DER AKTIONÄR: Die Black Pearl verfügt über einen Verlustvortrag. Ist dieser für net digital nutzbar?
Theodor Niehues: Bisher liegen uns keine Entscheidungen der Behörden vor – wir gehen aber davon aus.
DER AKTIONÄR: Für ein Unternehmen in der aktuellen Größenordnung ist ein Börsengang normalerweise nicht der nächste Weg – brauchen Sie frisches Kapital oder wozu das IPO durch die Hintertüre?
Theodor Niehues: Die net digital ist operativ positiv.
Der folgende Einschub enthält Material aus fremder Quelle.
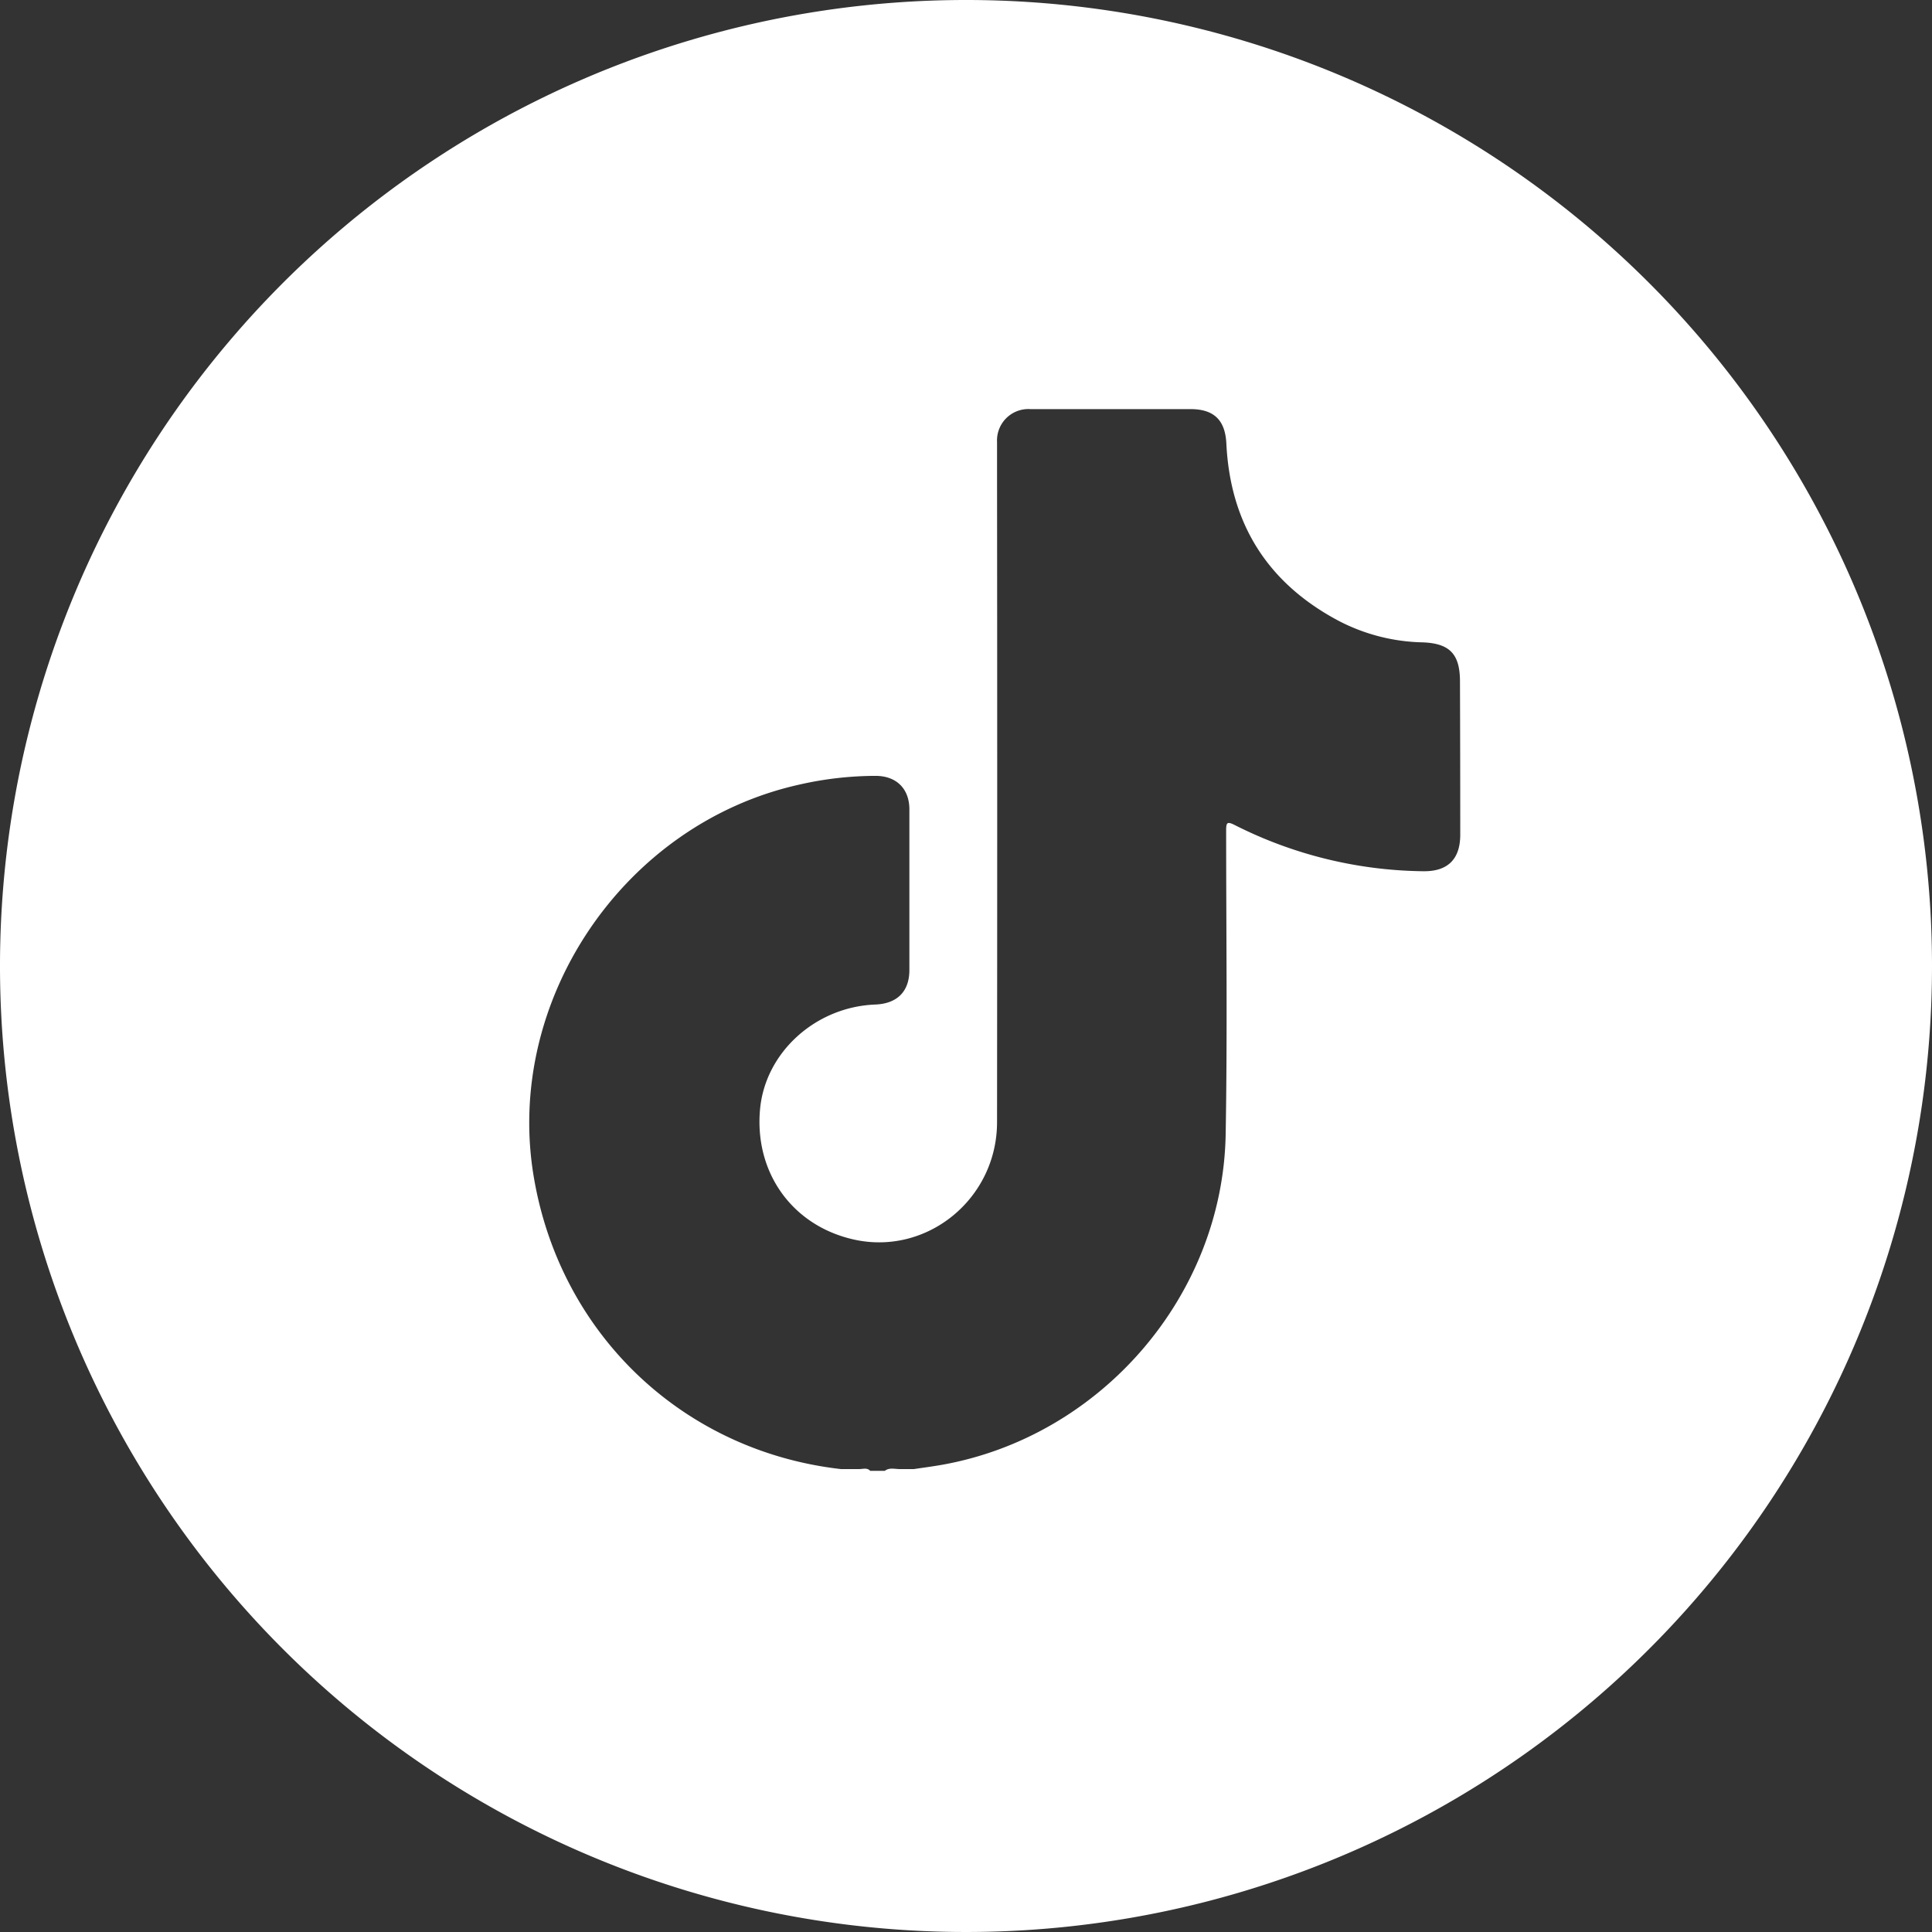 <svg id="Ebene_1" data-name="Ebene 1" xmlns="http://www.w3.org/2000/svg" viewBox="0 0 359 359"><rect x="0" y="0" width="359" height="359" fill="#333333" stroke="none"/><defs><style>.cls-1{fill:#fff;}</style></defs><path class="cls-1" d="M179.5,0A179.5,179.5,0,1,0,359,179.5,179.49,179.49,0,0,0,179.5,0Zm91.84,155.11c0,4.56-2.34,6.86-6.92,6.78a79.44,79.44,0,0,1-34.88-8.53c-1.48-.75-1.71-.61-1.7,1,0,18.81.24,37.64-.09,56.45-.54,30-23.19,56.15-52.78,61.39-1.7.3-3.42.52-5.14.78h-2.67c-.93,0-1.9-.32-2.75.33H161.7c-.57-.62-1.29-.34-2-.33h-1.16l-2.29,0c-29.19-3.33-51.95-24.84-57-53.91-5.76-32.87,16.52-66,49.29-73.28a64.18,64.18,0,0,1,14.15-1.62c3.84,0,6.28,2.35,6.29,6.21q0,14.94,0,29.87c0,4-2.28,6.25-6.33,6.41-11.13.43-20.46,8.91-21.42,19.47-1.07,11.77,6,21.63,17.4,24.19,13.59,3.06,26.63-7.54,26.64-21.79q.06-60.1,0-120.22c0-2.06,0-4.11,0-6.17a5.83,5.83,0,0,1,6.2-6.12q14.86,0,29.73,0c4.34,0,6.47,2,6.68,6.42.73,14.9,7.67,25.92,20.86,32.92a35.29,35.29,0,0,0,15.55,4c5.12.17,7,2.2,7,7.28Q271.34,140.85,271.34,155.11Z"/></svg>

Es gibt mehrere Gründe für einen IPO. Wir planen ein starkes Wachstum und daher ist es nicht ausgeschlossen, dass wir auch ggf. neues Kapital aufnehmen, um beispielsweise anorganisch zu wachsen. Ein weiterer Grund ist, dass es immer schwieriger wird, gute Mitarbeiter zu gewinnen. Da bietet eine Börsennotierung einen erheblichen Vorteil.
DER AKTIONÄR: Wie sieht es mit potenziellen Übernahmekandidaten aus, gibt es Kandidaten, wo Sie bereits genauer hinsehen?
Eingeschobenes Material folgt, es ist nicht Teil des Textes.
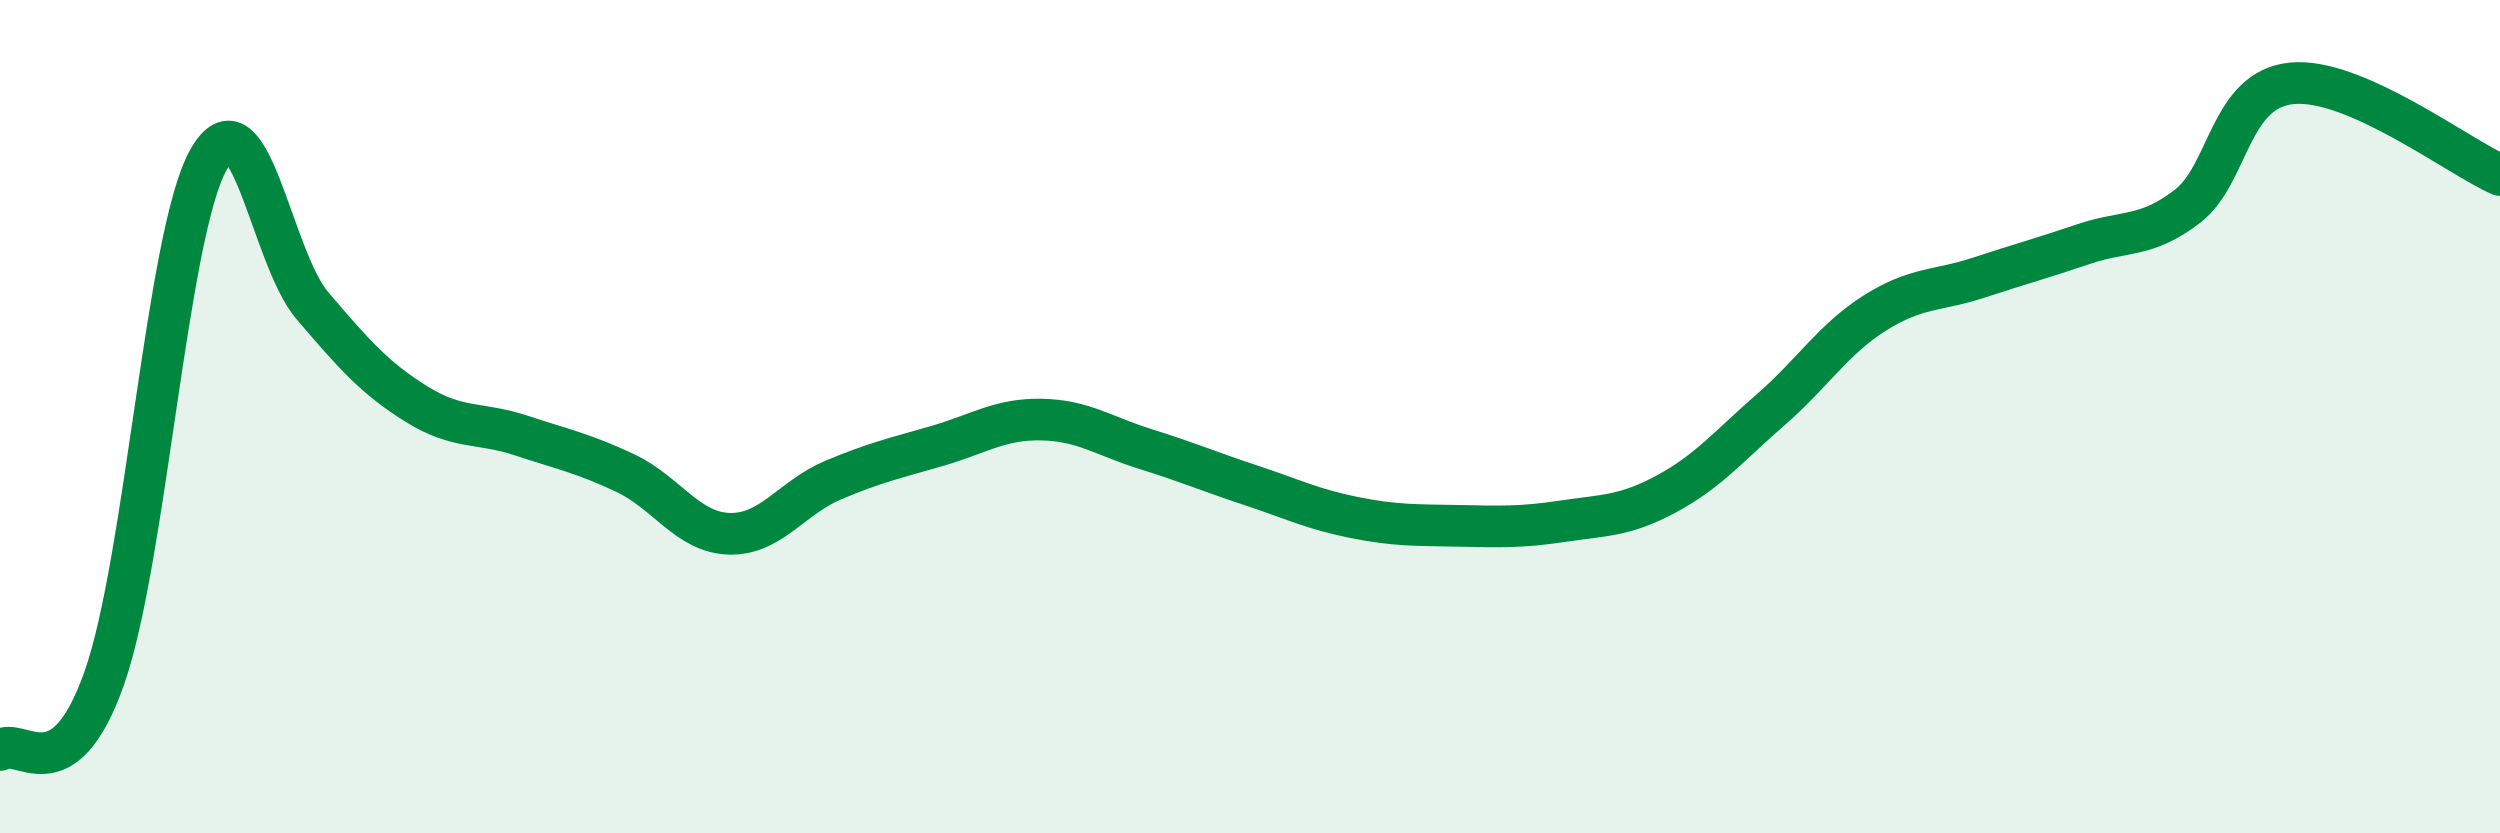 
    <svg width="60" height="20" viewBox="0 0 60 20" xmlns="http://www.w3.org/2000/svg">
      <path
        d="M 0,18 C 0.5,17.66 1.5,19.11 2.5,16.28 C 3.5,13.45 4,5.63 5,3.84 C 6,2.05 6.5,6.17 7.5,7.34 C 8.5,8.51 9,9.08 10,9.7 C 11,10.32 11.5,10.12 12.5,10.45 C 13.5,10.78 14,10.88 15,11.35 C 16,11.82 16.5,12.78 17.5,12.81 C 18.5,12.84 19,11.94 20,11.52 C 21,11.1 21.5,10.99 22.5,10.7 C 23.5,10.41 24,10.05 25,10.07 C 26,10.09 26.5,10.47 27.5,10.78 C 28.5,11.09 29,11.31 30,11.64 C 31,11.97 31.5,12.22 32.5,12.42 C 33.5,12.62 34,12.6 35,12.62 C 36,12.64 36.5,12.66 37.5,12.51 C 38.5,12.36 39,12.39 40,11.85 C 41,11.31 41.5,10.7 42.5,9.83 C 43.5,8.96 44,8.14 45,7.51 C 46,6.88 46.5,6.99 47.5,6.66 C 48.5,6.33 49,6.2 50,5.86 C 51,5.52 51.5,5.72 52.5,4.95 C 53.5,4.18 53.5,2.15 55,2 C 56.5,1.85 59,3.76 60,4.2L60 20L0 20Z"
        fill="#008740"
        opacity="0.1"
        stroke-linecap="round"
        stroke-linejoin="round"
      />
      <path
        d="M 0,18 C 0.5,17.66 1.5,19.11 2.5,16.28 C 3.5,13.45 4,5.63 5,3.84 C 6,2.05 6.5,6.17 7.5,7.34 C 8.5,8.51 9,9.08 10,9.7 C 11,10.32 11.5,10.12 12.5,10.45 C 13.5,10.78 14,10.88 15,11.35 C 16,11.82 16.5,12.78 17.5,12.81 C 18.5,12.84 19,11.94 20,11.52 C 21,11.1 21.5,10.99 22.5,10.7 C 23.5,10.41 24,10.05 25,10.07 C 26,10.09 26.5,10.47 27.5,10.78 C 28.5,11.09 29,11.31 30,11.64 C 31,11.97 31.5,12.22 32.5,12.42 C 33.5,12.62 34,12.6 35,12.62 C 36,12.64 36.5,12.66 37.5,12.51 C 38.5,12.36 39,12.39 40,11.85 C 41,11.31 41.5,10.7 42.5,9.83 C 43.5,8.96 44,8.14 45,7.51 C 46,6.88 46.5,6.99 47.5,6.66 C 48.5,6.33 49,6.2 50,5.86 C 51,5.52 51.5,5.72 52.5,4.95 C 53.5,4.18 53.5,2.15 55,2 C 56.5,1.85 59,3.76 60,4.2"
        stroke="#008740"
        stroke-width="1"
        fill="none"
        stroke-linecap="round"
        stroke-linejoin="round"
      />
    </svg>

Theodor Niehues: Wir schauen uns permanent um. Es gibt zwei Stoßrichtungen. Einerseits Unternehmen mit einem klaren technologischen USP oder Unternehmen, mit denen wir die Kundenbasis schnell ausbauen können. Diese Unternehmen können auch in angrenzenden Bereichen liegen.
Vielen Dank für das Interview, Herr Niehues!
Die net digital AG ist mit einem aktuellen Börsenwert von rund 14 Millionen Euro (bei einem Kurs von 9,70 Euro) ein klassischer Micro-Cap. Angesichts der Skalierbarkeit des bereits profitablen Geschäftsmodells, der ansprechenden zweistelligen Wachstumsraten geht die Bewertung in Ordnung. Vor allem in der KI-Tochter steckt eine Menge Potenzial, wenn es dem Management gelingt, weitere Kunden zu akquirieren. Konkretes Zahlenmaterial gibt es für den Wert noch nicht, da die Gesellschaft in der aktuellen Struktur erst seit Anfang 2021 existiert. Sehr risikobereite Anleger haben hier die Möglichkeit, bei einer noch sehr kleinen Gesellschaft frühzeitig dabei zu sein. Die Positionsgröße sollte aber dem hohen Risiko angepasst sein.